I use W and X since I assigned each edge a letter, including my buffer. My reasoning was that although W and X are hard to make words or images for, I'd rather be able to make a smooth transition to a different method and change my buffer without renaming the pieces.


----------



## Forte (Apr 26, 2010)

riffz said:


> LewisJ said:
> 
> 
> > Forte said:
> ...



Well, I use W and X  (I put U and V on FD lol, I didn't know that I wouldn't need to use them)
But I mean, it's not that hard to come up with a workaround >_>
Use your imagination lol, I probably just assigned Y and Z to W and X as well, no big deal


----------



## xXzaKerXx (Apr 26, 2010)

I did it this way: First 3OP, but then I found edge permutatition difficult for me, then stopped for a while due to exams, then started over with Old Pochmann once exams were over. Still not being able to get a successful BLD solve, I switched over to M2 and got one, finally after 8 months since my 1st try.


----------



## cmhardw (Apr 26, 2010)

I learned to BLD solve by coming up with my own method after reading a brief explanation by Richard Carr at the time. It took me about a week to go from first interest in BLD to coming up with a workable method to first success. I switched to the cycles method after the 2003 WC, and to more standard methods.

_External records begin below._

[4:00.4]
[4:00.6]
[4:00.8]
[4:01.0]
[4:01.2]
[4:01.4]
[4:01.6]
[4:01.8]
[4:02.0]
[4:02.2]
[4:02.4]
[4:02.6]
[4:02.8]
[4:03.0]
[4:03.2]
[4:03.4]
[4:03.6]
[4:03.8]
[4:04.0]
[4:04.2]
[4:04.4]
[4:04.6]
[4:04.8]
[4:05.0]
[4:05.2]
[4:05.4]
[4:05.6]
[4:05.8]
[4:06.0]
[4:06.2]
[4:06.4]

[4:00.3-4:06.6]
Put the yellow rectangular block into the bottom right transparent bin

If you just want to solve BLD then read Macky's cycle description. Using only that and one alg to cycle 3 edges, one alg to cycle 3 corners, one alg to flip 2 edges, and one alg to rotate 2 corners you can solve BLD. You can work up to the other, more advanced, methods later. Using a simplistic method such as this you could be solving BLD before you go to bed tonight.

Chris


----------



## Stefan (Apr 26, 2010)

aronpm said:


> R2 is very slow



How slow?


----------



## Toquinha1977 (Apr 26, 2010)

Thanks for the great responses...Eric Limeback's tutorial sounds the most appealing, so I'm going to try that this week when time permits.

Regarding the "ivory tower"...it's mostly directed at intellectual elitist attitudes that don't do much for building community, but tend to come up whenever a question determined to be "stupid" comes up. This hasn't been the case here (and partly validated by responses from several veteran figures in the community, like Hardwick and Pochman). But, I'm here to learn BLD, or at least get started.


----------



## aronpm (Apr 26, 2010)

StefanPochmann said:


> aronpm said:
> 
> 
> > R2 is very slow
> ...





I used R2 for a while, but I found it too slow. Around half of the targets are in the R slice (so they have long algorithms). And about a third of the targets in the L slice have a long setup move. 

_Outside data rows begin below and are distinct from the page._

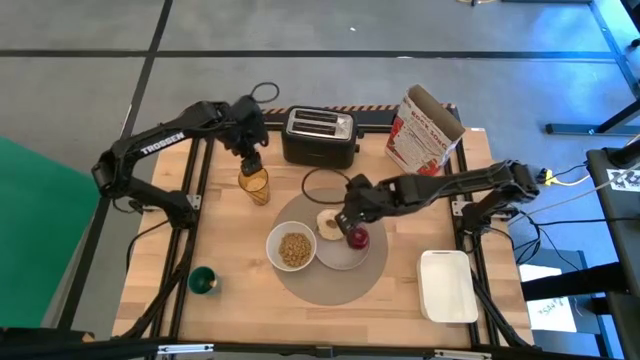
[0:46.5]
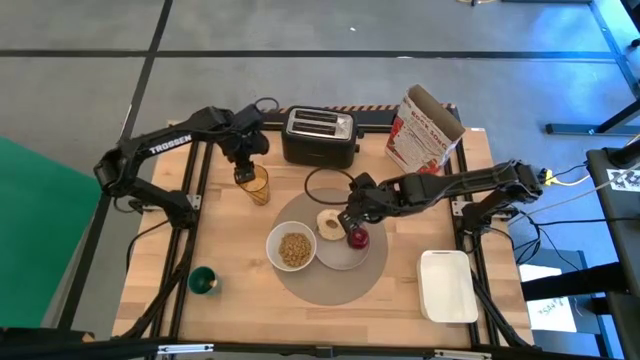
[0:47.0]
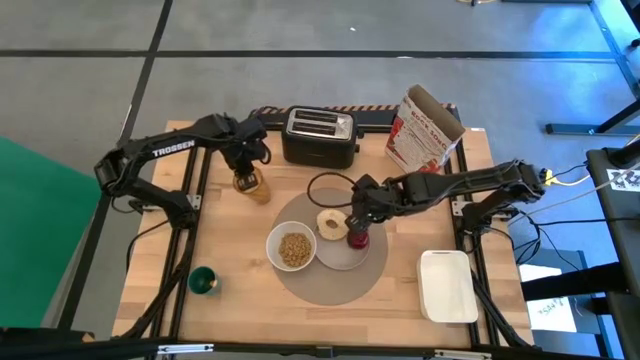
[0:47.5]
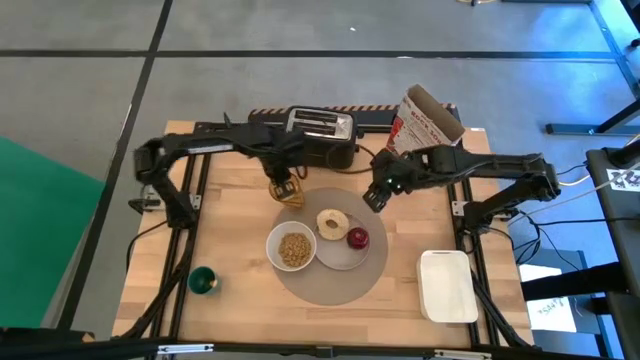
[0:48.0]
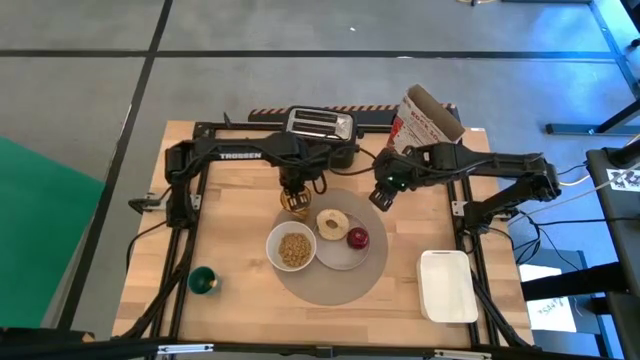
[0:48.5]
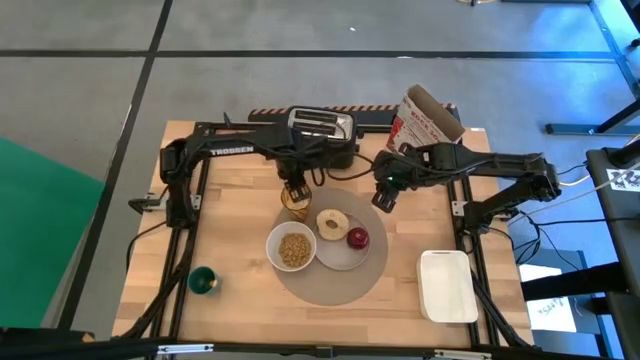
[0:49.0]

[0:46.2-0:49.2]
Task: Arrange a breakfast setting
Put the brown glass on the tablemat at the top left of the gray plate

Sure, Old Pochmann uses more moves than R2. However, I think that because people use PLL a lot, they are much faster with those algorithms.

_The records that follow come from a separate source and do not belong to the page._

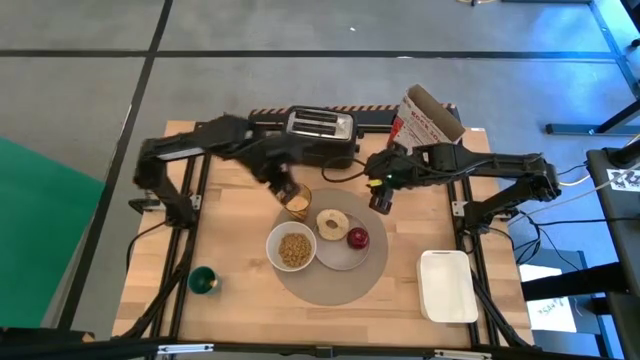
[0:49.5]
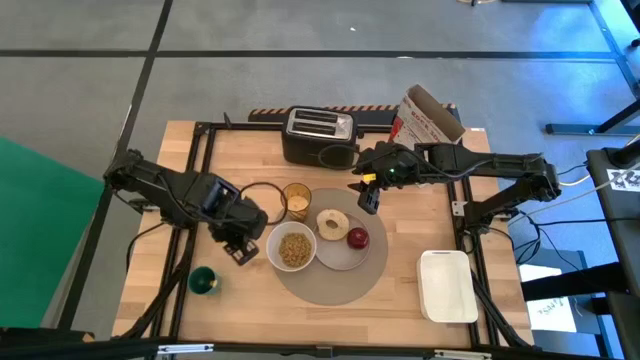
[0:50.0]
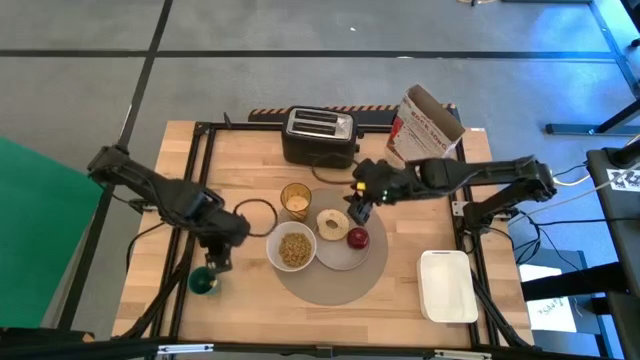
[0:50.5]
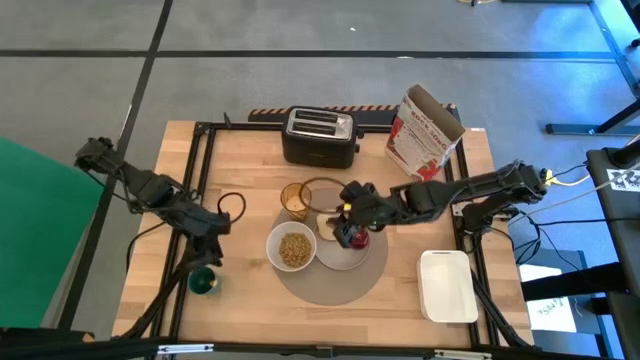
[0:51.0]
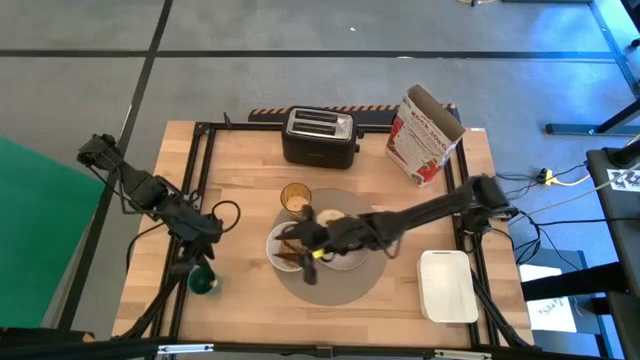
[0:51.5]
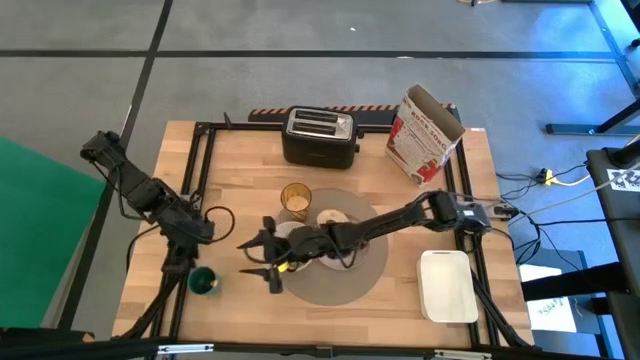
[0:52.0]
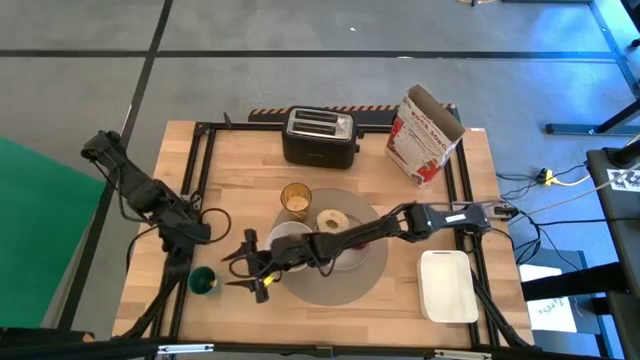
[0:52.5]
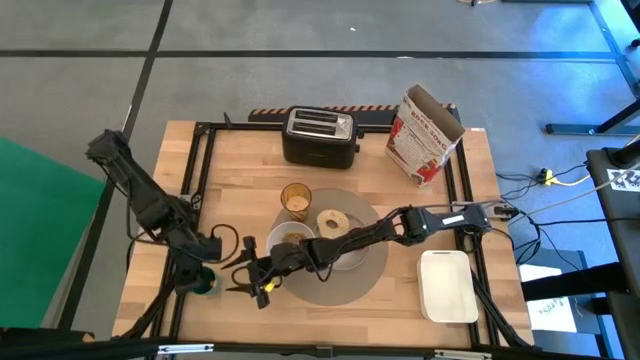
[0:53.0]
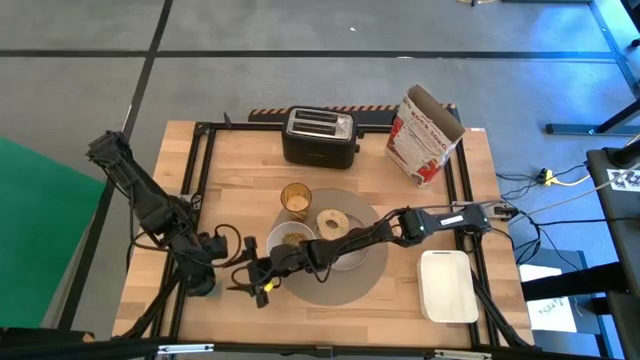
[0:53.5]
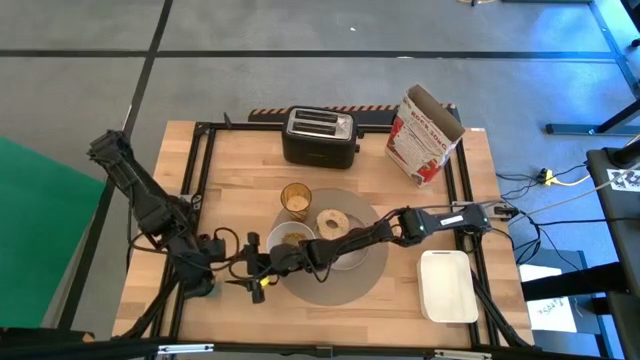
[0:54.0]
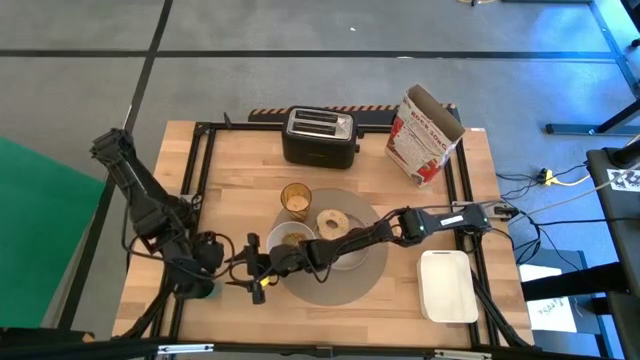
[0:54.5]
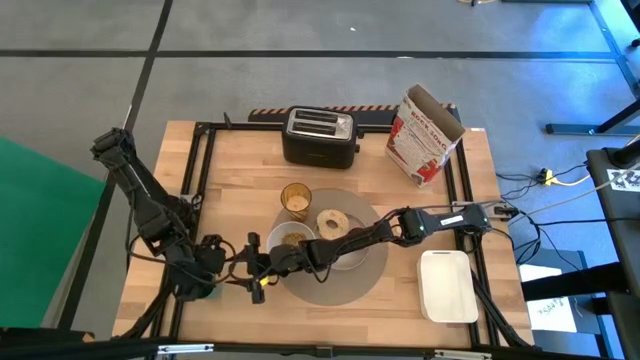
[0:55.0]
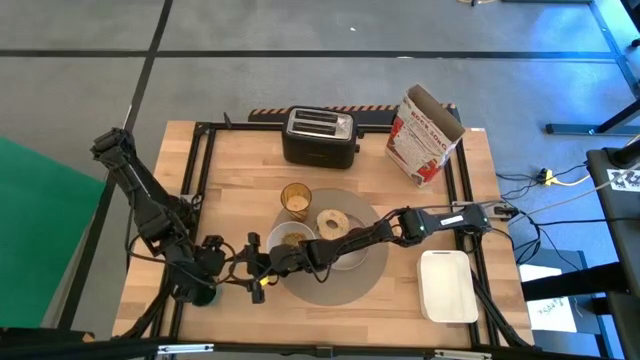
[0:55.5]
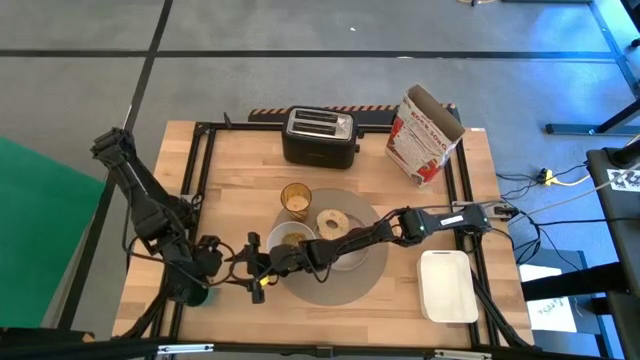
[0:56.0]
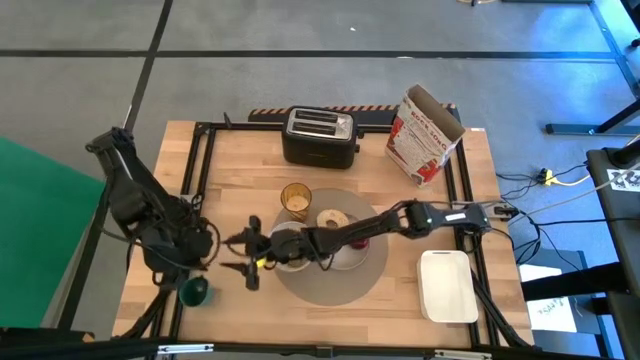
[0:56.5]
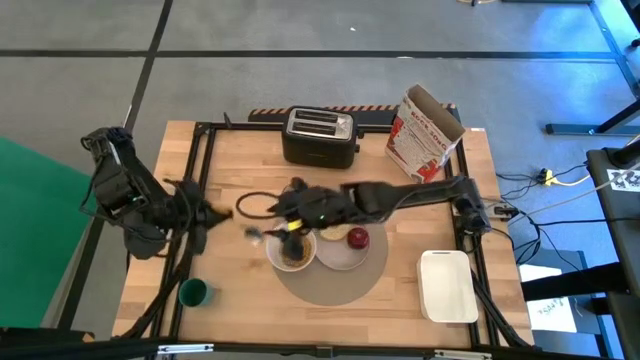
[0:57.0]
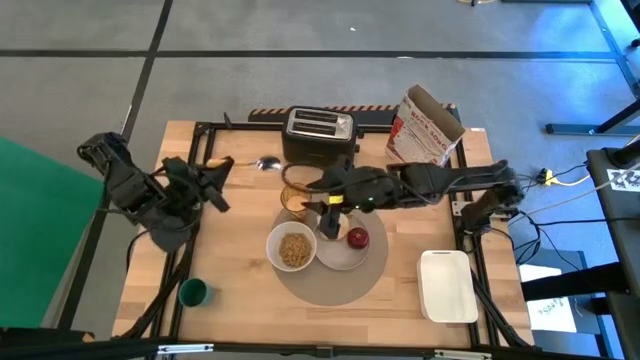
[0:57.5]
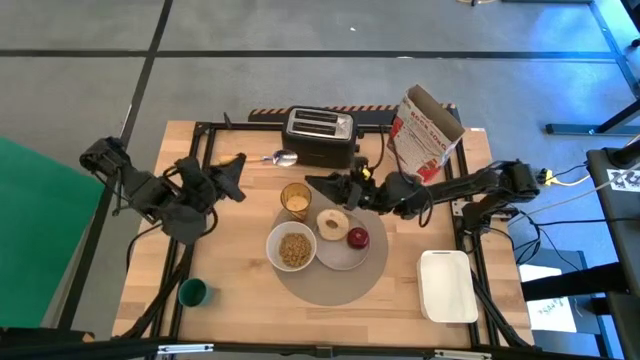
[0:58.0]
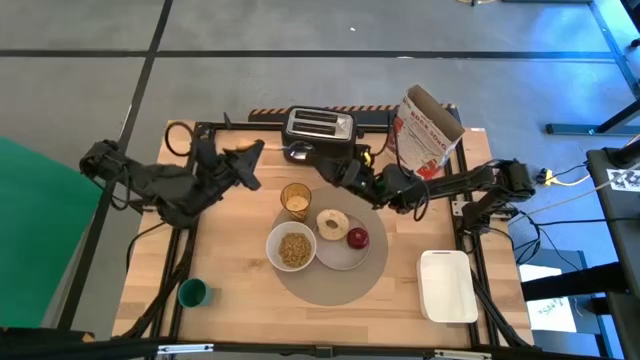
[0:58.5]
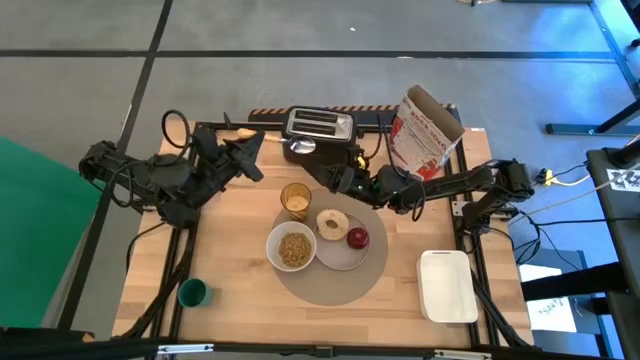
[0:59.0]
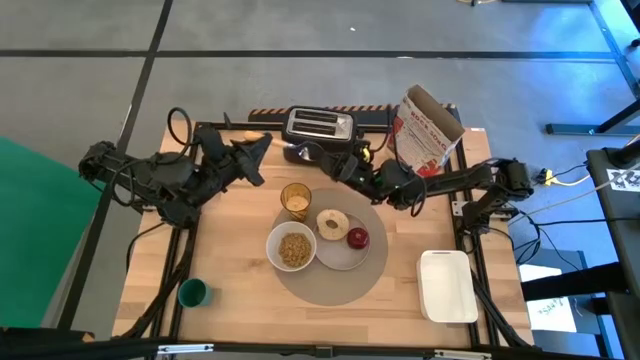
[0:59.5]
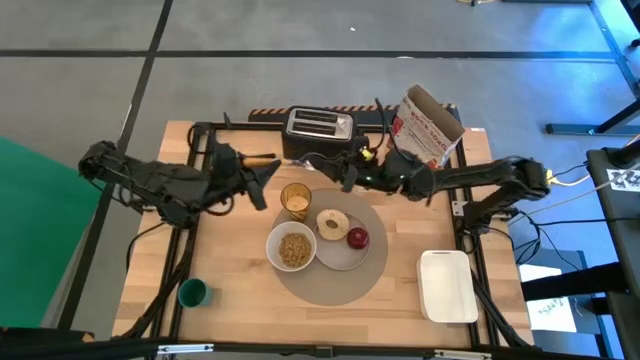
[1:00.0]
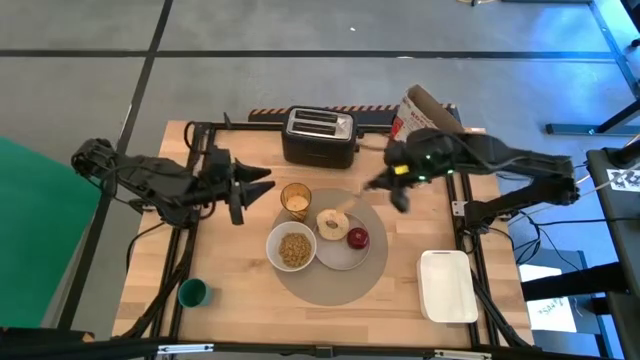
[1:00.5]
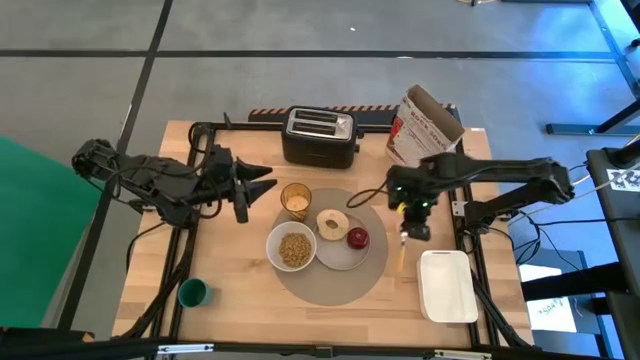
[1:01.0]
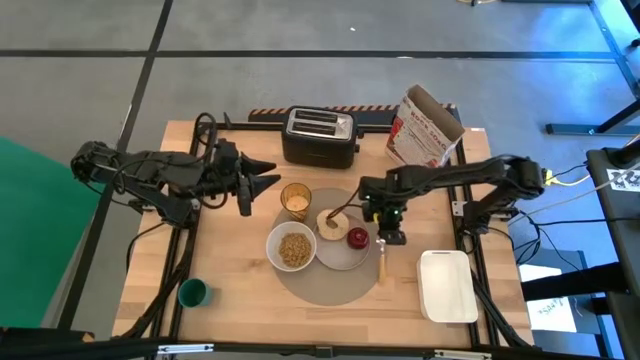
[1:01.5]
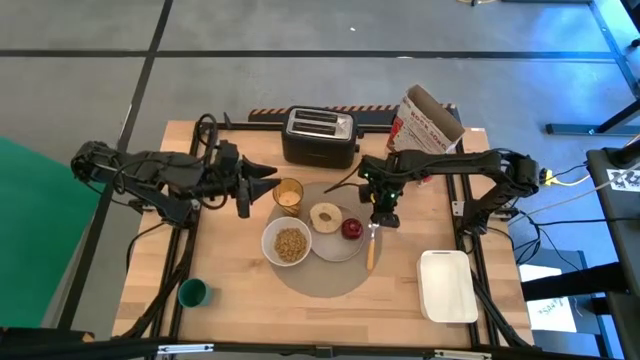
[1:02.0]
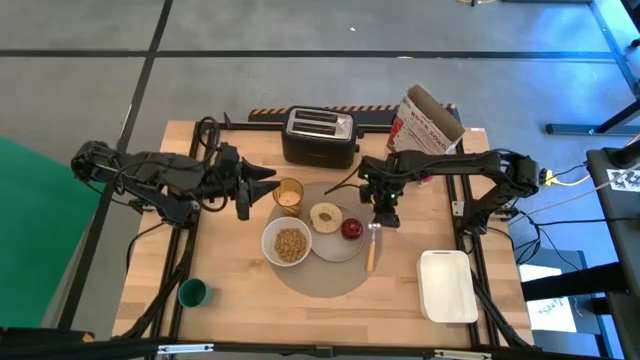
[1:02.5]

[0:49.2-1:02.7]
Put the yellow spoon on the tablemat to the right of the gray plate

Learning R2 (just for the different algorithms) could be useful if you want to eventually use freestyle. However, I don't think you can be 'fast' and use only R2 corners.


----------



## riffz (Apr 26, 2010)

aronpm said:


> StefanPochmann said:
> 
> 
> > aronpm said:
> ...



I think R2 is definitely faster than Old Pochmann, but it isn't appealing to a lot of people due to the special cases on R. Sub 1 could definitely be achieved with M2/R2.


----------



## masterofthebass (Apr 26, 2010)

yea, chester is really good at teaching BLD concepts  He should really write up a tutorial because you can learn in a day using his approach. My approach for corner permutation is very simple to understand as well, which was all the impact I had on teaching mitchell.


----------



## Stefan (Apr 26, 2010)

Sighted (I'm bad with memory) R2 with on-the-fly recognition takes me about 20 seconds. Faster turners than me using recall rather than on-the-fly recognition would be faster, 10-15 seconds should be possible. That's "very slow"? What's slow, normal, fast and very fast?


----------



## Sakarie (Apr 26, 2010)

I don't know what a reasonable time is, but I think I did my first solve a week after I printed out Noorts tutorial. But I was on vacation and couldn't ask for help if I didn't understand, so it could have been faster.


----------



## Toquinha1977 (Apr 27, 2010)

Progress report: watched Eric Limeback's tutorials, part 1 and 2, have a basic understanding of how to handle corners, although will need to revise so I can handle special cases. Started Monday evening.


----------